Princeton Alternative Elementary School is a public elementary school in the Birmingham City Schools system located at 1425 2nd Avenue West in the Rising-West Princeton neighborhood of West End.

The school traces its origin to an in-home kindergarten founded by Olivia Pyos in 1910 for four African American children. The program was quickly absorbed into the city's school system. In its 1923 survey of school conditions, the U.S. Bureau of Education appraised its condition thus: "This is nothing but an old dwelling remodeled into three class rooms. The rooms are badly lighted, have low ceilings and are heated by non-jacketed stoves. There is no playground and the whole situation is unworthy of Birmingham."

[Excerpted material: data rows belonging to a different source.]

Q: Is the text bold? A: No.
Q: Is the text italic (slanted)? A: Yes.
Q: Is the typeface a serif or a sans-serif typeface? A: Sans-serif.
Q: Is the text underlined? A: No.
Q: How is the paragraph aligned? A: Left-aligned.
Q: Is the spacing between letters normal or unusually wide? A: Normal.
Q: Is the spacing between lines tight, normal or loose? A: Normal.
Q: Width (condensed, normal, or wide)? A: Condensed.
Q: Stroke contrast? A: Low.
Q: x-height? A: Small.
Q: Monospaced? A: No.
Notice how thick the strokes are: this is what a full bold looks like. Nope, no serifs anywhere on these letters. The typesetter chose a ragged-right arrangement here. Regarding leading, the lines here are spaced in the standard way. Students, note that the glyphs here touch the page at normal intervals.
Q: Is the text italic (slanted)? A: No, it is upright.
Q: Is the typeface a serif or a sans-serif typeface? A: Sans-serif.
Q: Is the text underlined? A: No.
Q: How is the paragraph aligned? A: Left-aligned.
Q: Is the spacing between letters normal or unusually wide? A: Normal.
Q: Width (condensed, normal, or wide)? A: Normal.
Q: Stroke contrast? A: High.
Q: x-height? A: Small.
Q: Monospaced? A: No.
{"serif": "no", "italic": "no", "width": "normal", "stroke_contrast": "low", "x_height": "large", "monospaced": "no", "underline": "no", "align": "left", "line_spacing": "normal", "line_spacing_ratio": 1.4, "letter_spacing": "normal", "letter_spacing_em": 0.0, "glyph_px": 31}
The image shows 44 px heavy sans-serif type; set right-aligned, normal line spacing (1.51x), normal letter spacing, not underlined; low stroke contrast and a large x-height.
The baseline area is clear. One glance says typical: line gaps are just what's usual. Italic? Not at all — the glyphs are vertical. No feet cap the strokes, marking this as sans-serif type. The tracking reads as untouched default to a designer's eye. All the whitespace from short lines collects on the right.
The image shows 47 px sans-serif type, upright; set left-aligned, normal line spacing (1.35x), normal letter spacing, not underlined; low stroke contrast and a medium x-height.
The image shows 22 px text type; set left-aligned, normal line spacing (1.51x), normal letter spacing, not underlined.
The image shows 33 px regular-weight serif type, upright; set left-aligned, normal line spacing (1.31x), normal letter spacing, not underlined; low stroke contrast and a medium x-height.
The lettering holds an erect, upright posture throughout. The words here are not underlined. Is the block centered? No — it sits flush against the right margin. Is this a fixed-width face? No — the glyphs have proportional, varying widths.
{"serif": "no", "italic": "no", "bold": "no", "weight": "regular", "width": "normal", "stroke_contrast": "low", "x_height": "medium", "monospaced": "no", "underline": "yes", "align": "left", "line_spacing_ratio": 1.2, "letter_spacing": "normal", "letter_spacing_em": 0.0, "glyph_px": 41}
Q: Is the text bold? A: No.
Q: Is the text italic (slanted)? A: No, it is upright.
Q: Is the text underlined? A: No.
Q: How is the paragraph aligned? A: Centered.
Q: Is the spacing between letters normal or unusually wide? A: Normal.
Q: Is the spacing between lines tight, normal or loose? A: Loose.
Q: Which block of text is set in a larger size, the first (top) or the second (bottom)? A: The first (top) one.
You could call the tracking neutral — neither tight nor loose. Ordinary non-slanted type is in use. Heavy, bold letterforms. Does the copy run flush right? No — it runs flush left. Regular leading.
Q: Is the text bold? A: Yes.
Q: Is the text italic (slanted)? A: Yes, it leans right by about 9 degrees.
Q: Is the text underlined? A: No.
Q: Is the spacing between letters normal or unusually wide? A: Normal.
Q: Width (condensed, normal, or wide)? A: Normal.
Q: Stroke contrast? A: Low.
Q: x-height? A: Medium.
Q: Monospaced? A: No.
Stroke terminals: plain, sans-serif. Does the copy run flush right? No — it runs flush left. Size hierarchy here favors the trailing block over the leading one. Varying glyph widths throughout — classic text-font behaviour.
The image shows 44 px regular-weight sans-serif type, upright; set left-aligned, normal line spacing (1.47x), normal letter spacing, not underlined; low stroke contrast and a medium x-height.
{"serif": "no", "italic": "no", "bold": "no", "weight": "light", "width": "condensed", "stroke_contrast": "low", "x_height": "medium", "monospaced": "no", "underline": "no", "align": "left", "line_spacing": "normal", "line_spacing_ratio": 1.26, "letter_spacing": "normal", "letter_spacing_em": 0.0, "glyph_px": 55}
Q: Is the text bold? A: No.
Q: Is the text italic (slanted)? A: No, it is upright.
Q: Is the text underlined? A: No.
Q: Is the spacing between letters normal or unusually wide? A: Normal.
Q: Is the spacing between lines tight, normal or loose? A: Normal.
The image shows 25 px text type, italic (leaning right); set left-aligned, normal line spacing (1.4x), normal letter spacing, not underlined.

At that time, the school building was still privately owned, though it was operated by the city. It housed 87 students in grades 1-4 and, along with Cleveland Elementary School, which housed 107 students, served the communities of Elyton, West End, Graymont and Owenton, which then already had more than 600 school-age black children in need of classrooms. The Bureau recommended immediate construction of a new building. Instead, the Princeton School moved to the upper floor of a commercial building on Lomb Boulevard, and later to a CME Church on the corner of Washington Avenue and 9th Street Southwest.

In the early 1930s the Birmingham Board of Education accepted funding raised by the public and responded to parents' petitions to establish a new public school in the Rising community. That first building housed four classrooms and an office.

In 1961 Princeton Elementary School was improved with the addition of three classrooms, and by adding a brick veneer to the entire building. Henry Sprott Long designed the renovations, which were carried out by Joe Kurtts for $45,000.